# TASK
Since only the written part is wanted, repeat the records exactly and omit the pictures.

Data entries
+ + + +

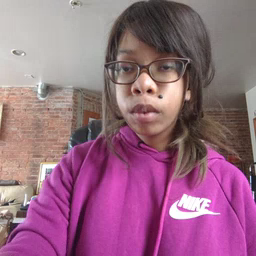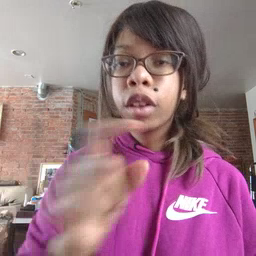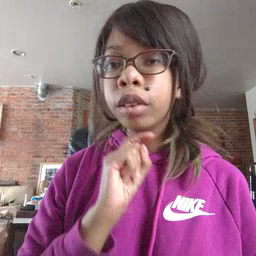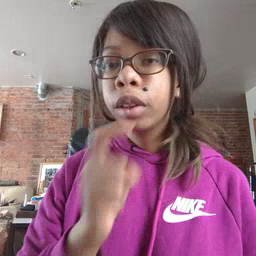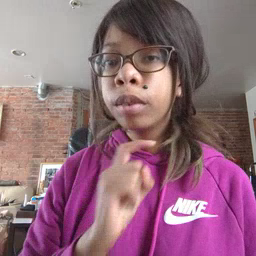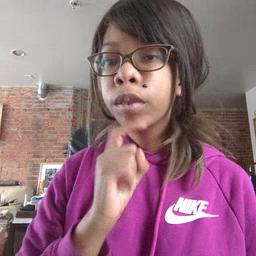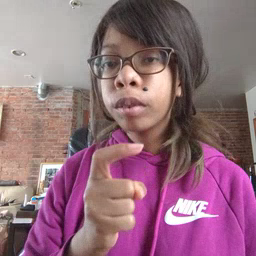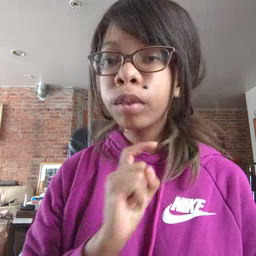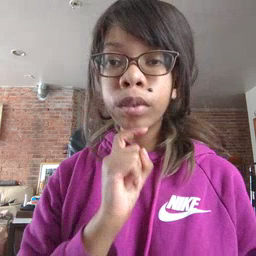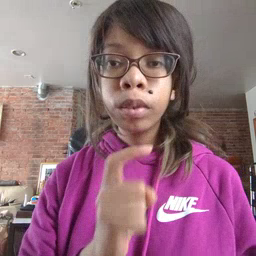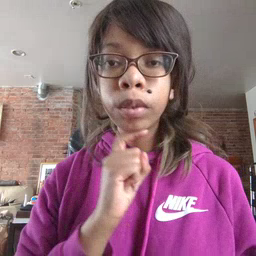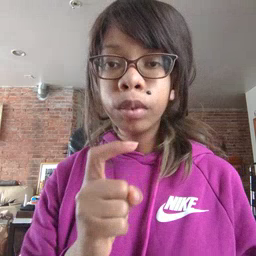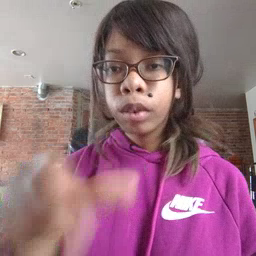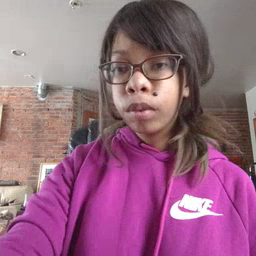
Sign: garbage
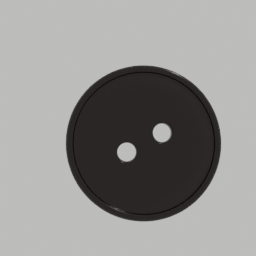
Label: people
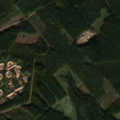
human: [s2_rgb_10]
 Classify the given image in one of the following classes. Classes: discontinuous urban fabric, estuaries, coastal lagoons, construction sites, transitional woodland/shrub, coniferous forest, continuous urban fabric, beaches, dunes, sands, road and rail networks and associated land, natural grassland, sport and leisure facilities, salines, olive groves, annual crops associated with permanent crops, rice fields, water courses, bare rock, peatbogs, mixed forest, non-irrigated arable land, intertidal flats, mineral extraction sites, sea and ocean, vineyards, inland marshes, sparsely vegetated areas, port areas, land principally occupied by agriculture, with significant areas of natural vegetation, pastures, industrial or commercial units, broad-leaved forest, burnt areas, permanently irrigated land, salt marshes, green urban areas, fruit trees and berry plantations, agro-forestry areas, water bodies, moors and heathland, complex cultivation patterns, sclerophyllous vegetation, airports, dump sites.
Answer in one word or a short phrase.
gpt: coniferous forest, transitional woodland/shrub
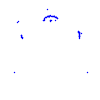
Particle: kaon
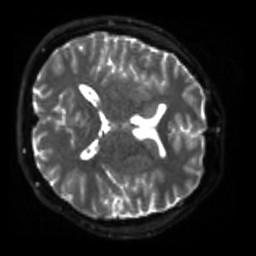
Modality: sbref
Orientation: axial
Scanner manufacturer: siemens
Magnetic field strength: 3 T
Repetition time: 4 s
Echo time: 0.0594 s
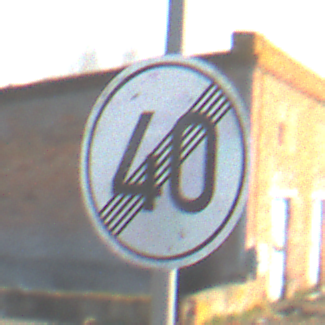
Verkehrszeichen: EndeGeschwindigkeit40
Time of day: MorningAfternoon
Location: Outdoor (Suburban)
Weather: PartlyCloudy
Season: NotSpecified
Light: Natural
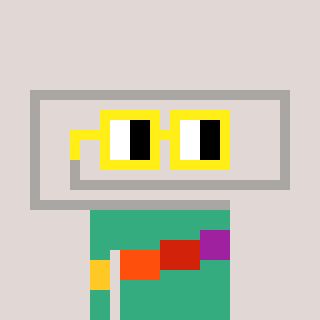
a pixel art character with square yellow glasses, a paperclip-shaped head and a teal-colored body on a warm background
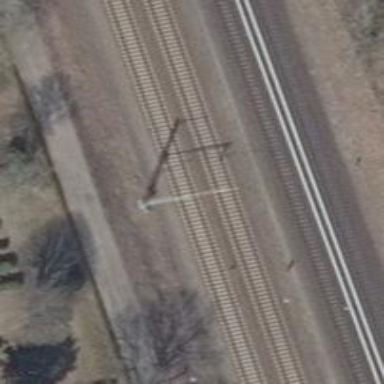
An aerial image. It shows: Milestone along the railway track with catenary mast.
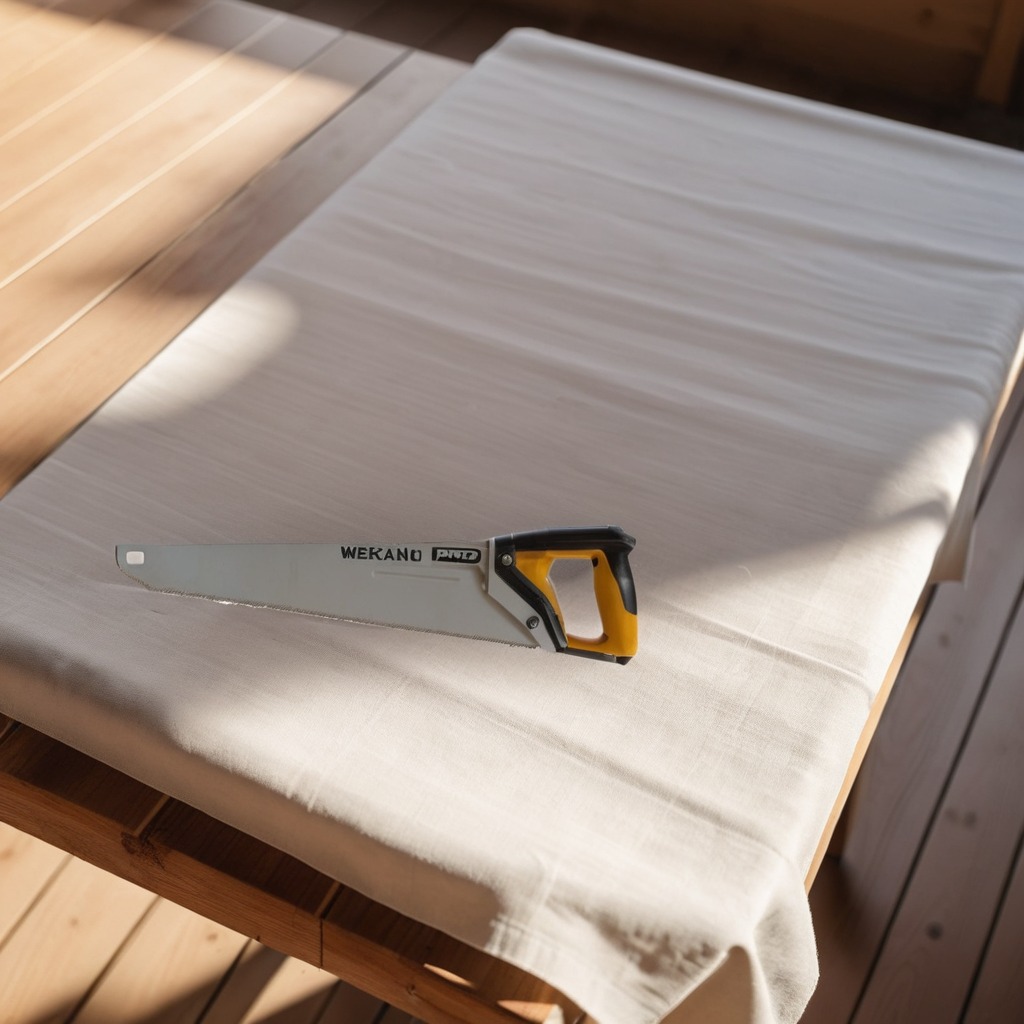
A metal saw is lying on a wooden table.

+ + + +

# RESULT BELOW
Sign: garbage
Label: people
human: [s2_rgb_10]
 Classify the given image in one of the following classes. Classes: discontinuous urban fabric, estuaries, coastal lagoons, construction sites, transitional woodland/shrub, coniferous forest, continuous urban fabric, beaches, dunes, sands, road and rail networks and associated land, natural grassland, sport and leisure facilities, salines, olive groves, annual crops associated with permanent crops, rice fields, water courses, bare rock, peatbogs, mixed forest, non-irrigated arable land, intertidal flats, mineral extraction sites, sea and ocean, vineyards, inland marshes, sparsely vegetated areas, port areas, land principally occupied by agriculture, with significant areas of natural vegetation, pastures, industrial or commercial units, broad-leaved forest, burnt areas, permanently irrigated land, salt marshes, green urban areas, fruit trees and berry plantations, agro-forestry areas, water bodies, moors and heathland, complex cultivation patterns, sclerophyllous vegetation, airports, dump sites.
Answer in one word or a short phrase.
gpt: coniferous forest, transitional woodland/shrub
Particle: kaon
Modality: sbref
Orientation: axial
Scanner manufacturer: siemens
Magnetic field strength: 3 T
Repetition time: 4 s
Echo time: 0.0594 s
Verkehrszeichen: EndeGeschwindigkeit40
Time of day: MorningAfternoon
Location: Outdoor (Suburban)
Weather: PartlyCloudy
Season: NotSpecified
Light: Natural
a pixel art character with square yellow glasses, a paperclip-shaped head and a teal-colored body on a warm background
An aerial image. It shows: Milestone along the railway track with catenary mast.
A metal saw is lying on a wooden table.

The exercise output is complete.